%%

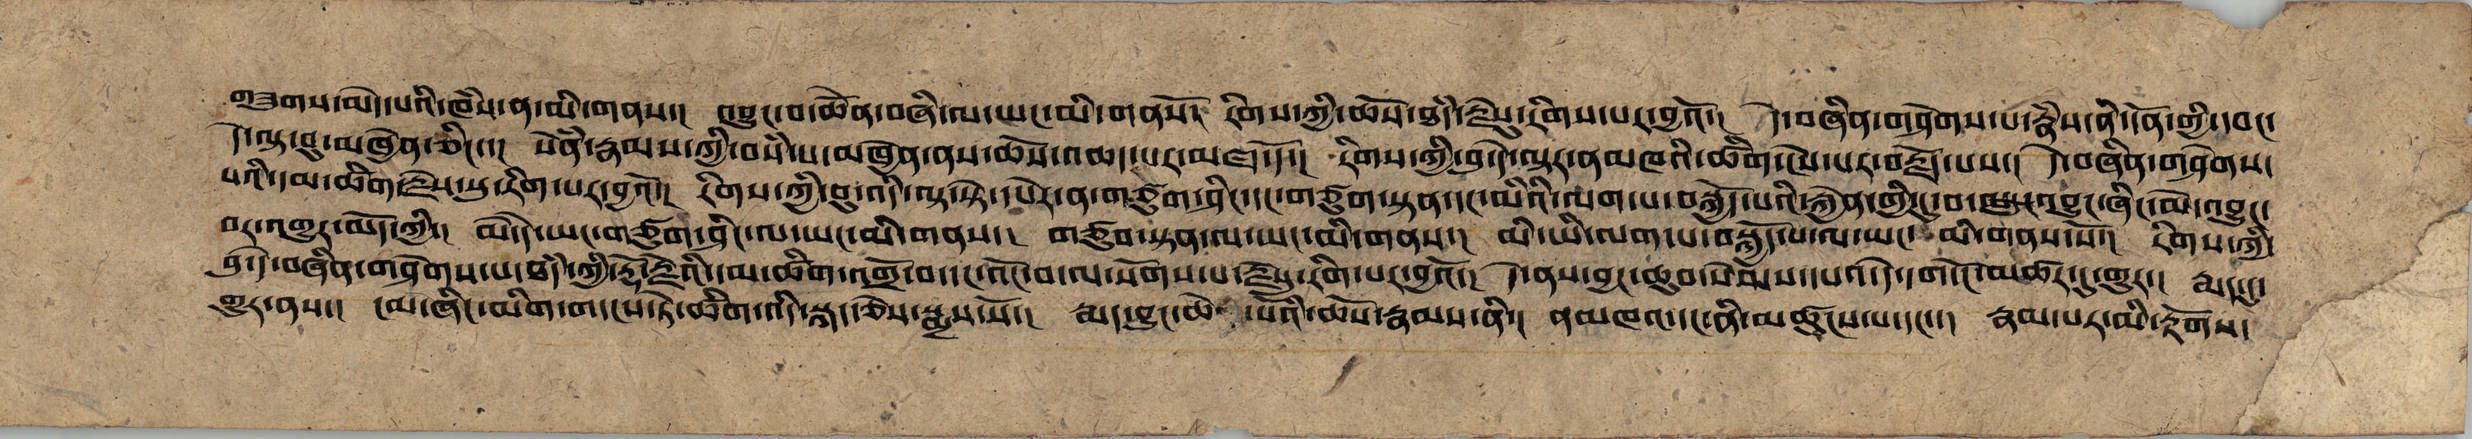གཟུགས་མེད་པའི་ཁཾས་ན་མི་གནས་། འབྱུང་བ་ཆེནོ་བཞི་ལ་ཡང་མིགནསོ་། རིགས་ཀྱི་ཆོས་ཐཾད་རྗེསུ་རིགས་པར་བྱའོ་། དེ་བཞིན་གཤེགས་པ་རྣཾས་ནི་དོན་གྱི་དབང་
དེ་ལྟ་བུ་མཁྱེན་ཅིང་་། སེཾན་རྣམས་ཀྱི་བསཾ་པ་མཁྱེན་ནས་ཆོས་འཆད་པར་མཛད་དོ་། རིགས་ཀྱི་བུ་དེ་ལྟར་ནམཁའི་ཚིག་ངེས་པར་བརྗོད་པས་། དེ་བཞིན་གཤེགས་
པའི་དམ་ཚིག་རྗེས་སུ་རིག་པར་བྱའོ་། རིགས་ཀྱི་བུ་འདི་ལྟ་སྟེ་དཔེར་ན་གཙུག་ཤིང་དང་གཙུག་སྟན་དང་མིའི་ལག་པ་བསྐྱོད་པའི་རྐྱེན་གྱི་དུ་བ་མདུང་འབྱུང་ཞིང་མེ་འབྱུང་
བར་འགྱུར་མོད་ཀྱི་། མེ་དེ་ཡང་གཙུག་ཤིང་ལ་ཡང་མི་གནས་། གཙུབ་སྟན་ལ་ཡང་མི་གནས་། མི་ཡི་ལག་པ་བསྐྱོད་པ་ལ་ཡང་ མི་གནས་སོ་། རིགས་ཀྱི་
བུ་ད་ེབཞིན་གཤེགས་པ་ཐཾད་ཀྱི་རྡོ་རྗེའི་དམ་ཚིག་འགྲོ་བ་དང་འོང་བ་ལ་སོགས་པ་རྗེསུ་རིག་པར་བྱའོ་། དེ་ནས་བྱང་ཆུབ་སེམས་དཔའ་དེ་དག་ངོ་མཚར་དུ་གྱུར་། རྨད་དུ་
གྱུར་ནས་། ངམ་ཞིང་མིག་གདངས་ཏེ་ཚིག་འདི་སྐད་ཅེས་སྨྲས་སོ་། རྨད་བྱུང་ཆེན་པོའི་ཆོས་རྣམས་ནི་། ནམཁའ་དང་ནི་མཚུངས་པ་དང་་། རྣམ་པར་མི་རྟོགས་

%%
%%

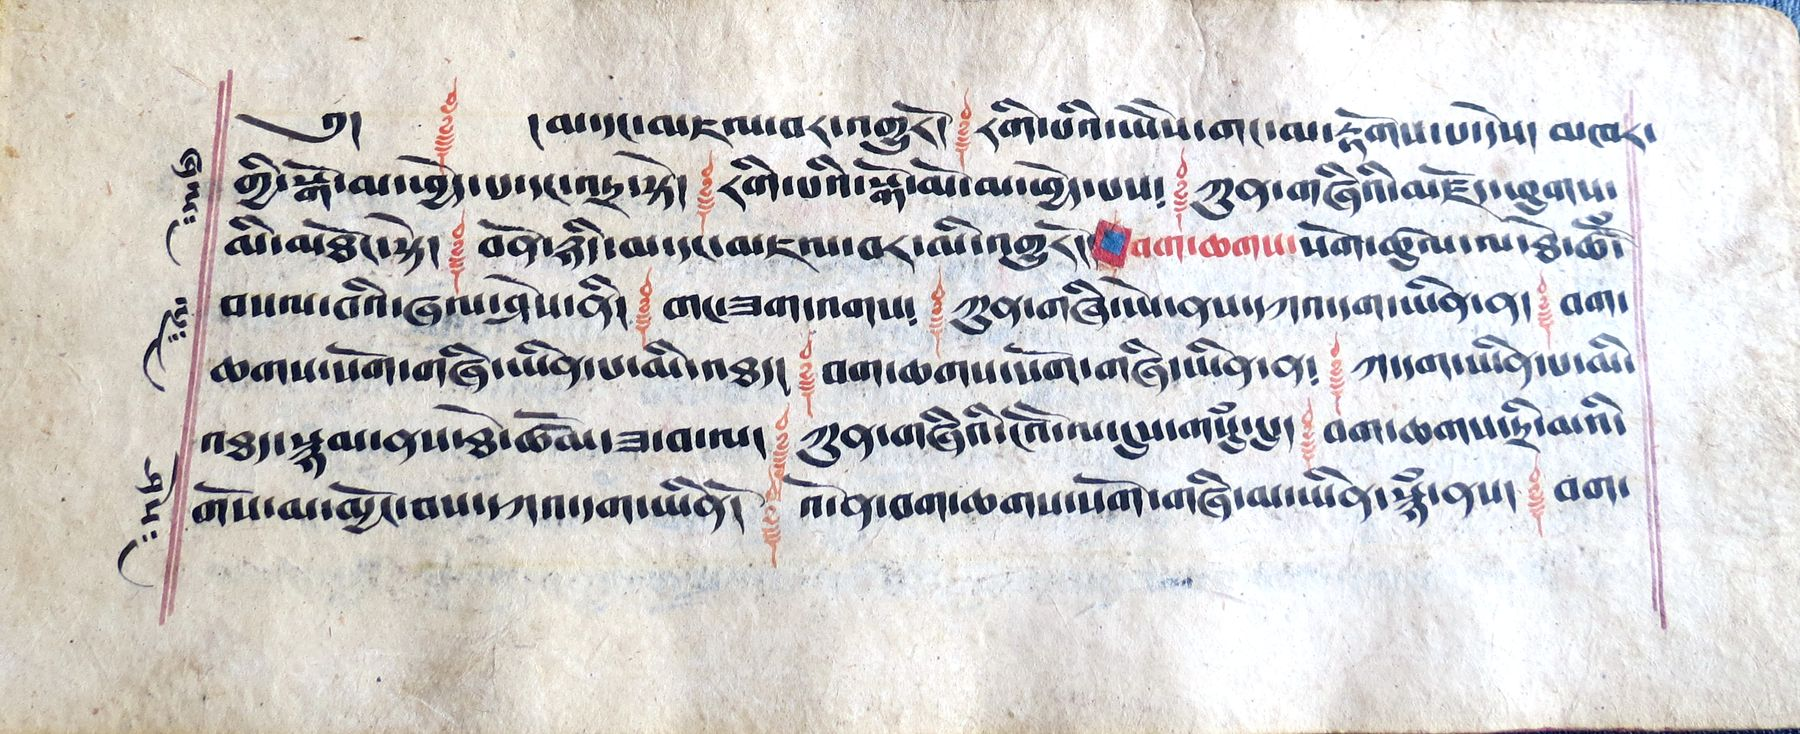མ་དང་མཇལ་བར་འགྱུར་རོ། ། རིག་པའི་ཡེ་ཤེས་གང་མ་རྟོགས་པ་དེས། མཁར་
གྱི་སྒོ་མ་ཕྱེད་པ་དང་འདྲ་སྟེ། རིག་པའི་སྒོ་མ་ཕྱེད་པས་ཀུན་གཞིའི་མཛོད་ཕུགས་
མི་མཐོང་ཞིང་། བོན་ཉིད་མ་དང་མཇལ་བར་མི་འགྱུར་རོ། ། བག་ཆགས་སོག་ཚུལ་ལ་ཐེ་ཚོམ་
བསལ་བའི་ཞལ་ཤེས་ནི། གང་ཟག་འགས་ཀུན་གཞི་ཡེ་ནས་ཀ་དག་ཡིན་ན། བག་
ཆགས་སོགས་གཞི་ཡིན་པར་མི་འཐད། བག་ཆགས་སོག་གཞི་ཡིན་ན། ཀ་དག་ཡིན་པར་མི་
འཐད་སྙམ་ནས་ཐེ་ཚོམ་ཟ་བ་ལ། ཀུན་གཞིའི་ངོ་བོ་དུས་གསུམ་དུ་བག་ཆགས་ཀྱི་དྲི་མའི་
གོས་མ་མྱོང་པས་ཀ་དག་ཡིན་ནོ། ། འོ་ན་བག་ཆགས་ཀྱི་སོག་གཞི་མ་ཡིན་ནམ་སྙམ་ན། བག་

%%

● **ABOUT THIS EXERCISE**: Nothing but the lines above from the one containing "པའི་དམ་ཚིག་རྗེ" through the one containing "མི་ཡི་ལག་པ་བསྐྱོད་པ་ལ་ཡང་ མི་གནས་སོ་། རིགས་ཀྱི་" should appear in the answer, each repeated exactly.

● **RESULT FOR THIS EXERCISE**:
པའི་དམ་ཚིག་རྗེས་སུ་རིག་པར་བྱའོ་། རིགས་ཀྱི་བུ་འདི་ལྟ་སྟེ་དཔེར་ན་གཙུག་ཤིང་དང་གཙུག་སྟན་དང་མིའི་ལག་པ་བསྐྱོད་པའི་རྐྱེན་གྱི་དུ་བ་མདུང་འབྱུང་ཞིང་མེ་འབྱུང་
བར་འགྱུར་མོད་ཀྱི་། མེ་དེ་ཡང་གཙུག་ཤིང་ལ་ཡང་མི་གནས་། གཙུབ་སྟན་ལ་ཡང་མི་གནས་། མི་ཡི་ལག་པ་བསྐྱོད་པ་ལ་ཡང་ མི་གནས་སོ་། རིགས་ཀྱི་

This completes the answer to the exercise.